One top 20 Direct Line investor said: “The offer undervalues the business, especially as Aviva has motor so they can combine them and extract synergies.”
However, he added that most Direct Line shareholders would probably tender their shares at 300p.
Many market analysts believe Aviva will need to raise its bid to win over Direct Line.
“Aviva could be persuaded to sweeten the deal to 260p-265p, which may help satisfy the DLG board,” said Peel Hunt in a note.
“There is downside risk to DLG’s standalone strategy and retaining some upside in an Aviva-DLG combination could be an attractive proposition, which is worth exploring in our view.”
Dan Coatsworth, investment analyst at AJ Bell, said Direct Line had “tremendous” brand strength in the general insurance market and significant scale, which made it a highly attractive takeover target.

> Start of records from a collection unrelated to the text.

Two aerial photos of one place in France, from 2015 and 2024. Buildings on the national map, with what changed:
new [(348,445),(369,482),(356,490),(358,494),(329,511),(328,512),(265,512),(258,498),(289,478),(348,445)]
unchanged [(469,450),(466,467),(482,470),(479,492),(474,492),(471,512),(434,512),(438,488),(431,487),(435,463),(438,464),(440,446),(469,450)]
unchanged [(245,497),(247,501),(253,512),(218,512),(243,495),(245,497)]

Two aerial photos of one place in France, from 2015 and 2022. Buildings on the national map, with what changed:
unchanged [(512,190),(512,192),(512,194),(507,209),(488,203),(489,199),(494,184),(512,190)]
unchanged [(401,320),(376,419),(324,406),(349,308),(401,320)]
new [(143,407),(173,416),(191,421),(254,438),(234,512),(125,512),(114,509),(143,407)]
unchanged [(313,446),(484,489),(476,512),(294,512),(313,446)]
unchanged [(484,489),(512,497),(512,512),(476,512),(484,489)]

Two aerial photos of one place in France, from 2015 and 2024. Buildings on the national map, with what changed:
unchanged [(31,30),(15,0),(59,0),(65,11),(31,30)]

“Should Aviva be able to dig deeper and offer something in the region of 275p, Direct Line’s shareholders might feel that Christmas has come early.”

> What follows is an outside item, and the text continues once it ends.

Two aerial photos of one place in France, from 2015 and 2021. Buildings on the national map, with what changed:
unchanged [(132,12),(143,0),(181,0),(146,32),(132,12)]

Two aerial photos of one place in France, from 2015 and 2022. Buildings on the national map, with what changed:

Under the takeover code, Aviva has until 5pm on December 25 to make either a firm offer or announce that it does not intend to a make one.
The Aviva offer was the third takeover bid Direct Line has received this year, having rebuffed two approaches from Belgian insurer Ageas.
Aviva’s offer was just over 7 per cent above Ageas’s first offer and 5.4 per cent above the second.
“Given that this is a relatively small uplift from the previous two offers, and the consideration is similarly split between cash and shares, we are unsurprised that the bid was rejected,” said analysts at Jefferies.
“We would not be surprised if Aviva make an additional offer and thus we reiterate our view that an offer of at least 270p might be acceptable.”
Aviva declined to comment on Thursday’s developments.
Aviva said that it believes a tie-up with Direct Line would accelerate its pivot towards becoming a capital-light business and help expand its personal lines market. The insurer believes there are “material” cost and capital synergies.
Defending its decision to rebuff the Aviva proposal, Direct Line said it had “considerable conviction” in the capabilities of its newly established leadership team, including Winslow, to turn around the business.
“The company continues to make early progress towards our financial targets, and expects to deliver attractive growth in profitability, capital generation and shareholder returns,” said Direct Line in its statement.